Celebrating Public Health in a Time of Crisis

April 07, 2020|9:45 a.m.| Georges C. Benjamin, MD | Executive Director of the American Public Health Association

Georges C. Benjamin, MDWe celebrate the 25th anniversary of National Public Health Week (NPHW) at a time when we are confronting the biggest public health crisis of our time. Not since the HIV/AIDS pandemic has the entire world been so impacted by a new infectious disease. After a series of near misses—from years of planning and pandemics that never fully arrived—the pandemic we have been concerned about is here. It comes at a time of great political division in our country but NPHW affords us the opportunity to come together and conquer this serious health threat together. We can help lead the way through public health practice grounded in science with ethical and principled leadership.

The novel coronavirus, COVID-19, which continues its stampede across America and around the world, has changed the ways we engage as a society. It has forced us to stay in our homes, maintain social distancing, and try to avoid infection. It has created a society that is now engaging virtually in most aspects of our lives. As public health practitioners we need to ensure that while we promote social distancing, we continue to enable social cohesion. This virtual existence is a new way of living and may dramatically change our approach to engagement even after this current threat is gone.

We have always said that when public health practitioners do their best work, nothing happens. But when something does happen, we must be prepared to act quickly to reduce the threat. COVID-19 represents such a threat to our collective health, and it requires our best work to mitigate it. National Public Health Week @ 25 is a time of celebration of our prior successes with a look toward what we need to do for the future in the face of the great COVID-19 pandemic. When this is over, we will need to have a thoughtful discussion with policy makers, resource allocators, and the public to once and for all build a robust, sustainable public health system. One that can adequately address these kinds of catastrophic health threats. It is critical for public health leaders – all of us – to engage our communities in this debate.
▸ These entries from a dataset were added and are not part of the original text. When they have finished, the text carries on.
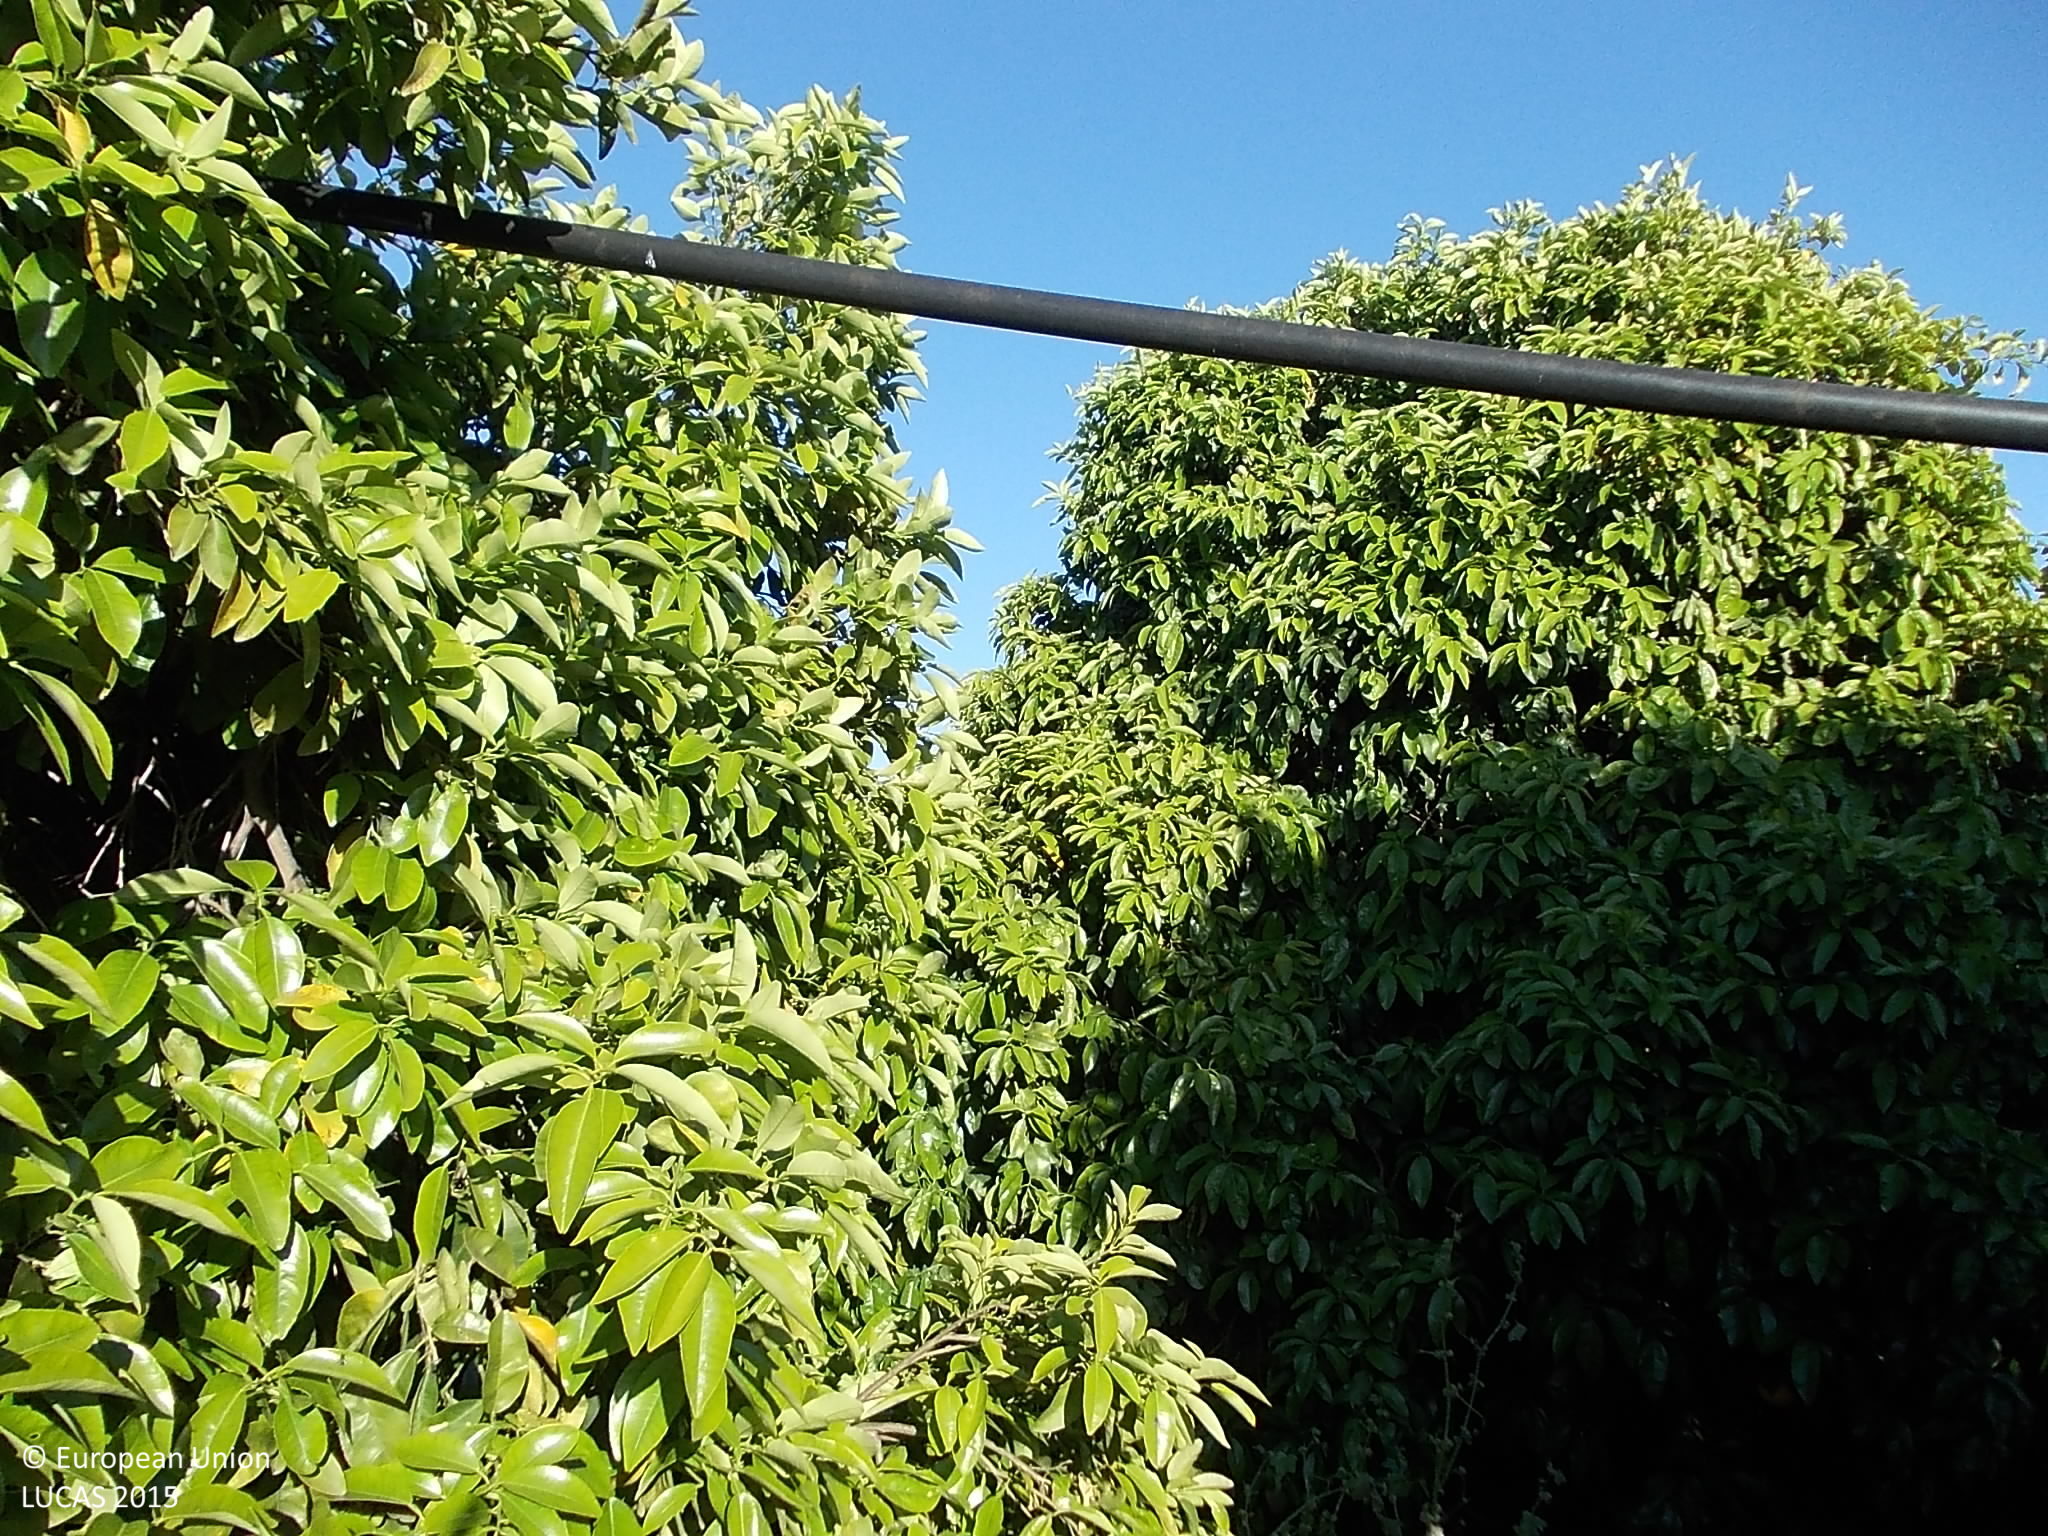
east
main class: Cropland
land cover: Oranges
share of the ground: > 75 %
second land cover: Spontaneously vegetated surfaces
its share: > 75 %
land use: Agriculture (excluding fallow land and kitchen gardens)
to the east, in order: Oranges; Spontaneously vegetated surfaces; Tracks; Spontaneously vegetated surfaces; Other bare soil; Single bushes/trees; Spontaneously vegetated surfaces
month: April
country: CY
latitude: 34.6850
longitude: 32.9862

These are unusual times for sure. The COVID-19 pandemic has already claimed more lives than we can bear and there are grim estimates of potentially hundreds of thousands of more to come unless we convince people to invest in a well-resourced sustainable public health system.

From Italy to Spain and all across the United States, people are shut in but they are singing from their homes or hitting their car horns in celebration of the public health workers who are protecting them as well as the clinicians who care for them when they get sick. During NPHW we too want to celebrate each other in public health. We have a lot of people to thank, including folks who don’t even realize public health is part of their job: people who pick up our trash, the clerks in our grocery stores, and the public safety professionals that keep us safe. That’s just to name a few. This week, in the face of this severe health threat, we celebrate them as well. We are all public health today.

At the American Public Health Association: We believe in you, we thank you, we salute you. On the occasion of NPHW@25 let’s work together to conquer COVID-19, and when we are done lets work together as a nation to speak with one voice to make America a healthier nation.

Georges C. Benjamin, MD, is the executive director of the American Public Health Association.